Developer Use Cases for AI Agents
Brennan highlighted some of his favorite use cases for AI agents and microagents:
1. Resolve Merge Conflicts
“This is my least favorite thing to do as a developer,” he said. “I’ve got a PR that’s been approved, the tests are passing, it’s ready to go but then somebody else edits the same file that I’ve edited and Git can’t automatically resolve the merge.” This requires that he sort through the old code and the new code to try to get it merged.
“It’s a very rote task, not a lot of creativity involved, and it’s something that AI does exceptionally well,” he said. “So now anytime there’s a merge conflict, I just ask the AI to do it for me.”

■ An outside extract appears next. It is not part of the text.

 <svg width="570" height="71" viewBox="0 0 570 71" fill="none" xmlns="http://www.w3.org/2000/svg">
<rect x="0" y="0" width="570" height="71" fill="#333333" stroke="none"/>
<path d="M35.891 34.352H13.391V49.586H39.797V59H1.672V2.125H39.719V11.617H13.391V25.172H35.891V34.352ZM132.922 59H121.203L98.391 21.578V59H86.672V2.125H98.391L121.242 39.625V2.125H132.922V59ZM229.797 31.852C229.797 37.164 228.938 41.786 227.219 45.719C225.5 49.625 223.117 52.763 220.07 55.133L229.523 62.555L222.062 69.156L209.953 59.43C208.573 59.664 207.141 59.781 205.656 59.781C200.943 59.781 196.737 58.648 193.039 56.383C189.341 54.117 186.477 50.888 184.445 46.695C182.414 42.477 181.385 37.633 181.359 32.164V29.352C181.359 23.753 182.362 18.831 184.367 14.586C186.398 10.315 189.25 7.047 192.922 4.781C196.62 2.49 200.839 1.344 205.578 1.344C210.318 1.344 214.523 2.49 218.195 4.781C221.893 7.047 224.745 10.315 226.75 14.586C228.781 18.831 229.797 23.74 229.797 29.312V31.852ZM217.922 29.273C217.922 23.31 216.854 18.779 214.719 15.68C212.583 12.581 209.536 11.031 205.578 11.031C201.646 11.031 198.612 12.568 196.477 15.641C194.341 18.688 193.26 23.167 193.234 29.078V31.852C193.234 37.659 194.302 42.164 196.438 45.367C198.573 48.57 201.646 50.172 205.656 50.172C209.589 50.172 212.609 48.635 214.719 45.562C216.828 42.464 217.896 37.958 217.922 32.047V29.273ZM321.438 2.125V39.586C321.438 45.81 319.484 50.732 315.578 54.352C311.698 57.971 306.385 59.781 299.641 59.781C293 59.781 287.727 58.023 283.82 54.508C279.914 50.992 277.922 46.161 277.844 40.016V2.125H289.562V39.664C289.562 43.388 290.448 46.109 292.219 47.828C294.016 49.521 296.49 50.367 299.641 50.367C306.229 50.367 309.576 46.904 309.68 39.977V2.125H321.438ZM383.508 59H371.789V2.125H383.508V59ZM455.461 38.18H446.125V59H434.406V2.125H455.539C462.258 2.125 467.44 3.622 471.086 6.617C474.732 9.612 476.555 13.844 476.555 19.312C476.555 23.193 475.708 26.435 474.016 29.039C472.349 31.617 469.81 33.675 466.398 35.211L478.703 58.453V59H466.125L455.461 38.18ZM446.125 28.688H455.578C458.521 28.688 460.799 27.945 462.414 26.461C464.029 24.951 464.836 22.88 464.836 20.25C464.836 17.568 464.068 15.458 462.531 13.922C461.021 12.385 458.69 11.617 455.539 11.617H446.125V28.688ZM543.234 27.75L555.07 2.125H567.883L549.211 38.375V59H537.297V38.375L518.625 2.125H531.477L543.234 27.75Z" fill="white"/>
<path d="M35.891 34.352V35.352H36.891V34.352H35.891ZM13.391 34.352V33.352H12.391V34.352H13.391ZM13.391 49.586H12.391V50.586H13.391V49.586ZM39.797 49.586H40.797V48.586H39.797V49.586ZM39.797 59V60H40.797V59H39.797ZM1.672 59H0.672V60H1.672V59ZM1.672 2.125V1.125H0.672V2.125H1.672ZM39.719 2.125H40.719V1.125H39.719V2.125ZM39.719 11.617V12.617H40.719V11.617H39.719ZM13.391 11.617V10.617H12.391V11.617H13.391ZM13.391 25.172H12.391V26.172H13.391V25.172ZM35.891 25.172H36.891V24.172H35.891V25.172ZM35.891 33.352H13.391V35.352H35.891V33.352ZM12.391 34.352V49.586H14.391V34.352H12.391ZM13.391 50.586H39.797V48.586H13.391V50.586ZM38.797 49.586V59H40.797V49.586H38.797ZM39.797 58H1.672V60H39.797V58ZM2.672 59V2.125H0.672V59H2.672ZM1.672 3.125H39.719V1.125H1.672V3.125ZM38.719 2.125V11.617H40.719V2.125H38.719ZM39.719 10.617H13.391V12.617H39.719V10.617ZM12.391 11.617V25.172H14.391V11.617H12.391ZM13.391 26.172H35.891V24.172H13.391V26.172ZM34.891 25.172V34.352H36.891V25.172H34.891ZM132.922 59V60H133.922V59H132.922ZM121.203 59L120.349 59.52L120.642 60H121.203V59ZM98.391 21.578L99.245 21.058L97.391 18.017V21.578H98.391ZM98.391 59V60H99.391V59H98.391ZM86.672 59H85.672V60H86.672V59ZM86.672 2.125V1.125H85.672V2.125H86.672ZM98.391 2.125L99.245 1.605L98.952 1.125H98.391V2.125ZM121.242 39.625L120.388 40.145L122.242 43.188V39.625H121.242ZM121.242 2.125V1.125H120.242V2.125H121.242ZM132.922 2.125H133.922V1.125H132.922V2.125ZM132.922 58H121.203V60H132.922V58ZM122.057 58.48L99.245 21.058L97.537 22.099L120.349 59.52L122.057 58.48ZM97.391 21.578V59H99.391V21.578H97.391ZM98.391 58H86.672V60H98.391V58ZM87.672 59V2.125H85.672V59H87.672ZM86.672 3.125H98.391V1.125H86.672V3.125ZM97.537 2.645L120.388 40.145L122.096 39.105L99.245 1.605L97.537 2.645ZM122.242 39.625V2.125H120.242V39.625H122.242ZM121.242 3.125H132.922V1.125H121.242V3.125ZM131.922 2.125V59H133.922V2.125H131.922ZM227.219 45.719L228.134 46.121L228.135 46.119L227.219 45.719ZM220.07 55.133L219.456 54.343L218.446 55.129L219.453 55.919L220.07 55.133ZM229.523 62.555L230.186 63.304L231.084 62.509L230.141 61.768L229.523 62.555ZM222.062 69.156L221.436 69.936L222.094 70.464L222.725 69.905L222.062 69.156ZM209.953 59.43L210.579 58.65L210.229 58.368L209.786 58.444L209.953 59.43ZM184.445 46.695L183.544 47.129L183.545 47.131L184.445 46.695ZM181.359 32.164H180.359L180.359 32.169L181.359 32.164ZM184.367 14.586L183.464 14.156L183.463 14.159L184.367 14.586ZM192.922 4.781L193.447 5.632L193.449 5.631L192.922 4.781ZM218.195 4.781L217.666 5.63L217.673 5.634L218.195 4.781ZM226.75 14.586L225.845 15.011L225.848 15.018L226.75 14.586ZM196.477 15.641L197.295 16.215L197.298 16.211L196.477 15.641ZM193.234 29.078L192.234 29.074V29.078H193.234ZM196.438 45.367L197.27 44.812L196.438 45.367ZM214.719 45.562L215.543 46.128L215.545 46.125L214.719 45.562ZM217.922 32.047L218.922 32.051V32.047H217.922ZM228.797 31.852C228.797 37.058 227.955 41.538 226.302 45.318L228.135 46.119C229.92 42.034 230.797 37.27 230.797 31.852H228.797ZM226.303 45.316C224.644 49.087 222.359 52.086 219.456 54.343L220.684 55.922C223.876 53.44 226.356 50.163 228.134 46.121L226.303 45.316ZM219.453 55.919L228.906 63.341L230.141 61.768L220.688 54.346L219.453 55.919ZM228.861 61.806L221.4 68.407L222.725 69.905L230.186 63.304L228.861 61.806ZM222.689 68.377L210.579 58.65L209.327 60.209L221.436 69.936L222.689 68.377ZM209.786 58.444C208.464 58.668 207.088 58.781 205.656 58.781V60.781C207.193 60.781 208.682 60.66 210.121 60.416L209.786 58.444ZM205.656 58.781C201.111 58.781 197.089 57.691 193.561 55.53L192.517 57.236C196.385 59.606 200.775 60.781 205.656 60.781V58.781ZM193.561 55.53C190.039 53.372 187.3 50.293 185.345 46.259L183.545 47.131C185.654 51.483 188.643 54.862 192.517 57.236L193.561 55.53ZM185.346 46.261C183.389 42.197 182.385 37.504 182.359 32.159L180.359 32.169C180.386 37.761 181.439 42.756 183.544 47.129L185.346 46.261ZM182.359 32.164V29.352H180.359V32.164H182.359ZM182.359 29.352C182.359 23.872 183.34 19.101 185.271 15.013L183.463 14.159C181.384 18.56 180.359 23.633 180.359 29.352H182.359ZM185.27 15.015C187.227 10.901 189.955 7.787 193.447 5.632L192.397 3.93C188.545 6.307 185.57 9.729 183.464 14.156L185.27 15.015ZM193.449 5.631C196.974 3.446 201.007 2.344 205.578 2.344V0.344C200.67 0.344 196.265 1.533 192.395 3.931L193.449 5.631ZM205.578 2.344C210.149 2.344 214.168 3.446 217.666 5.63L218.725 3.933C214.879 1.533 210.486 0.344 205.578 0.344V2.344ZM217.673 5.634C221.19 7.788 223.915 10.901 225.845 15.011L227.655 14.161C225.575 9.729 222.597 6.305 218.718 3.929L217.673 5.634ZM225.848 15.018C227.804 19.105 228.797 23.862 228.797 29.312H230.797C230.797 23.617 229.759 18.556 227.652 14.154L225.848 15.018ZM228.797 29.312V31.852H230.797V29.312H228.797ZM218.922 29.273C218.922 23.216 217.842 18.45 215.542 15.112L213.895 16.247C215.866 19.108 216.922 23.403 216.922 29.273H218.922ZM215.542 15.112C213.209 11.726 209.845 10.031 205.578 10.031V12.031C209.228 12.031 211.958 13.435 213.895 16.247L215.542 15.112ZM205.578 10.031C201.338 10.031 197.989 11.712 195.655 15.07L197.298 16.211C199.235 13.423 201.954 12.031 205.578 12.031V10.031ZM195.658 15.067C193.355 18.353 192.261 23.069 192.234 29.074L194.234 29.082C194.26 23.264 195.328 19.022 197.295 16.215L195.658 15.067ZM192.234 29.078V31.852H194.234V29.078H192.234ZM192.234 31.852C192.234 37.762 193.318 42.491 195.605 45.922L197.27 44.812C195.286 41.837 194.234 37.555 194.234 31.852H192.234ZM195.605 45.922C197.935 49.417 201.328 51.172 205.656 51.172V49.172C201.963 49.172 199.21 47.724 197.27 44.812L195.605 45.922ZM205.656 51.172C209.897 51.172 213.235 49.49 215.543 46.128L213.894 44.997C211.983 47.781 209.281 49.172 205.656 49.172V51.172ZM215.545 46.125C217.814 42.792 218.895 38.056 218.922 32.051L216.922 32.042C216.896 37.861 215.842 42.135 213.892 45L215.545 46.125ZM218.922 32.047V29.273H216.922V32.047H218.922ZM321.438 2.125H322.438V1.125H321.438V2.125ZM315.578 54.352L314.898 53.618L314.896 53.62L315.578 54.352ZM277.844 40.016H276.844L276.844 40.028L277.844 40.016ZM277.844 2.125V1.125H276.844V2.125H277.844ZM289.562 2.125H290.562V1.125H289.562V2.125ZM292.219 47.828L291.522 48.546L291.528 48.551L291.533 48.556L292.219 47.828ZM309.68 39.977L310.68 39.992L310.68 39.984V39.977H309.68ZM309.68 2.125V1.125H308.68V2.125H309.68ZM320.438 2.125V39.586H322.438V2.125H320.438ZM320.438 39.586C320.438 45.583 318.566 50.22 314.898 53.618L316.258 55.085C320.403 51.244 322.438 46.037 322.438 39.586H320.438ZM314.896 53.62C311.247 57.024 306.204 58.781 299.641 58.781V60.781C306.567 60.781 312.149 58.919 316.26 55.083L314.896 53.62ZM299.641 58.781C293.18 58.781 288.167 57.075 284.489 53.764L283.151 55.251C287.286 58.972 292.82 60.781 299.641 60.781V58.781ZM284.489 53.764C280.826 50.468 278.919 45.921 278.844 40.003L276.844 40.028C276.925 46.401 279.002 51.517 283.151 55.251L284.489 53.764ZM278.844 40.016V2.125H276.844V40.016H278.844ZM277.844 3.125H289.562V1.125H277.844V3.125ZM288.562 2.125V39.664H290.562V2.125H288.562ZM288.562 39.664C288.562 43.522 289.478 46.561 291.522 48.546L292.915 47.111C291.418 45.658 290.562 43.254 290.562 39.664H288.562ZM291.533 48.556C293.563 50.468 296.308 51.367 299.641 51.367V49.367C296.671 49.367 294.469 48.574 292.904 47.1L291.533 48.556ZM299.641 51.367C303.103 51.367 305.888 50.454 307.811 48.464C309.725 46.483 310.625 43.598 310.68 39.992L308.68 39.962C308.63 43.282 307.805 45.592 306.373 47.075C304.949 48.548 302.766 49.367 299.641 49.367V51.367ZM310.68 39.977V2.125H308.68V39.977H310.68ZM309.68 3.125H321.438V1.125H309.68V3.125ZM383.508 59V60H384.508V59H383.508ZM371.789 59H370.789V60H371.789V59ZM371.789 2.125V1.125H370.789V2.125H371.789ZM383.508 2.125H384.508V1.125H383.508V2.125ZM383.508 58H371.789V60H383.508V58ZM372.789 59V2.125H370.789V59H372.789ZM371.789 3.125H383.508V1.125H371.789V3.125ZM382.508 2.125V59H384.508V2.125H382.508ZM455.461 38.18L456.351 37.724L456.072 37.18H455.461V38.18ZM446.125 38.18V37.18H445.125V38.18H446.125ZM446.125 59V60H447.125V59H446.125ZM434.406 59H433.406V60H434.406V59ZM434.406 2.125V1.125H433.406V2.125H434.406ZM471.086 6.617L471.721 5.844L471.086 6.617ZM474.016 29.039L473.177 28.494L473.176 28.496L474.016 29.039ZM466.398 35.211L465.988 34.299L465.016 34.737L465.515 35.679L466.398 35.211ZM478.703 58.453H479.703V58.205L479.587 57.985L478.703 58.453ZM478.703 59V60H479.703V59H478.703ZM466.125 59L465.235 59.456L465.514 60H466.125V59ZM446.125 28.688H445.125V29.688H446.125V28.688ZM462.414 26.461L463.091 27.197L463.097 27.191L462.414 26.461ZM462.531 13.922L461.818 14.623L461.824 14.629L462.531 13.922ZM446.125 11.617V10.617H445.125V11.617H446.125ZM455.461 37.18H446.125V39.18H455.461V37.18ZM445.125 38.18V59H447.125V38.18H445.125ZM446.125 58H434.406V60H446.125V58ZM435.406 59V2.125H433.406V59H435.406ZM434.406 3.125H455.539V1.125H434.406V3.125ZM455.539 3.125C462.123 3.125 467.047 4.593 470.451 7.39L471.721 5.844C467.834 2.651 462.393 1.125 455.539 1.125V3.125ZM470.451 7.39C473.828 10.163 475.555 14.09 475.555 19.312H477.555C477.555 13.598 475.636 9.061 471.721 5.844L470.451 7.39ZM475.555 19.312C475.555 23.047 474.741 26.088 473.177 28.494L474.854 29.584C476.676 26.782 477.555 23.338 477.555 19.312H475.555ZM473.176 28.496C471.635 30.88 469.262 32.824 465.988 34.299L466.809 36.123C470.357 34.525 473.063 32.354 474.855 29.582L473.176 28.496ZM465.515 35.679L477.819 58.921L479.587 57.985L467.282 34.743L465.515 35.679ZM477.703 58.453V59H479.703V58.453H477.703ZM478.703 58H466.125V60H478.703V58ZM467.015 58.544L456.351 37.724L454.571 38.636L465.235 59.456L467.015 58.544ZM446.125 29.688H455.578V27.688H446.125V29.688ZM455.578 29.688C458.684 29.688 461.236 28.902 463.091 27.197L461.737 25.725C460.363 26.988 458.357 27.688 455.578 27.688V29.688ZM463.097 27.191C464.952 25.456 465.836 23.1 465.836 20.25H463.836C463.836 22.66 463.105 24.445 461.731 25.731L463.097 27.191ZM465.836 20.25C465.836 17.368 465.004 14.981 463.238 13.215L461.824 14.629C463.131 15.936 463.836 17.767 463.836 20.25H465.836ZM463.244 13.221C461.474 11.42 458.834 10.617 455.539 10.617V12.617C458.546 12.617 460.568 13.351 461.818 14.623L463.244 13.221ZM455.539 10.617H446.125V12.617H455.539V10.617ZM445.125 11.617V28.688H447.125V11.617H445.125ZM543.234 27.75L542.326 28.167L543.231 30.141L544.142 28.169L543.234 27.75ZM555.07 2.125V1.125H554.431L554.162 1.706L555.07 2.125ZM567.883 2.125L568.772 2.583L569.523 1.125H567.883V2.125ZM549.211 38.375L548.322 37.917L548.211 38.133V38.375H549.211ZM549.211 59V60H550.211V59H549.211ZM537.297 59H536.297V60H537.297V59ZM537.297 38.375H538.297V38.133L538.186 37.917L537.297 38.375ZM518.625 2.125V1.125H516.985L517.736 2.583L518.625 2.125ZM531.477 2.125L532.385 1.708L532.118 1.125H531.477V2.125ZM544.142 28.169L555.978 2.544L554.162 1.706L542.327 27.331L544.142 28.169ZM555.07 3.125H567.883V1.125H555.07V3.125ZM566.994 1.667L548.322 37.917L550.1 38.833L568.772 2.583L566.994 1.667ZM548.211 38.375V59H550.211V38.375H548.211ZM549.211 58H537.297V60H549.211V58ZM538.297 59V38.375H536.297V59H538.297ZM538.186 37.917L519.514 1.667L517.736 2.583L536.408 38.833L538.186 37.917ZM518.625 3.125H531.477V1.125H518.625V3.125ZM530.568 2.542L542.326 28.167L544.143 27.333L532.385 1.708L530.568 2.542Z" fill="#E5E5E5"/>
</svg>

As a result, he hasn’t actively manually resolved merge conflicts in months.
2. Address PR Feedback
“Somebody else has already given a very clear description of what they want,” he said.
In doing so, they’ve basically written the prompt for you. He advises the AI to fix it and immediately addresses their feedback. “I’ve also asked it to fix the merge conflicts simultaneously,” he said.
3. Infrastructure Changes
AI can deal well with infrastructure changes, he added. Helm is a popular package manager for Kubernetes.
“This is another one of my favorite tasks, because I hate working with TerraForm and Helm usually involves some like, weird, esoteric change that needs to be made to go hunting around the documentation for some Helm chart, etc.,” he said. “Again, one that the agent tends to do very well.”
He uses OpenHands to fix memory problems because the AI is great at following all the best practices around building databases and migrations, he said.
4. Testing
Brennan also uses OpenHands AO to fix failing tests and expand test coverage.
“This is really great because there’s a very clear definition of done: Tests are failing,” he said. “The AI can basically just iterate, changing the code or changing the tests, until it gets to a point where it can run that command and it passes with exit code, zero.”
It can also expand tests if there’s an area of your code base that’s completely uncovered by tests, he added.
“This is just a very easy, quick win for working with agentic AI […] it can just iterate until the tests are passing,” he said.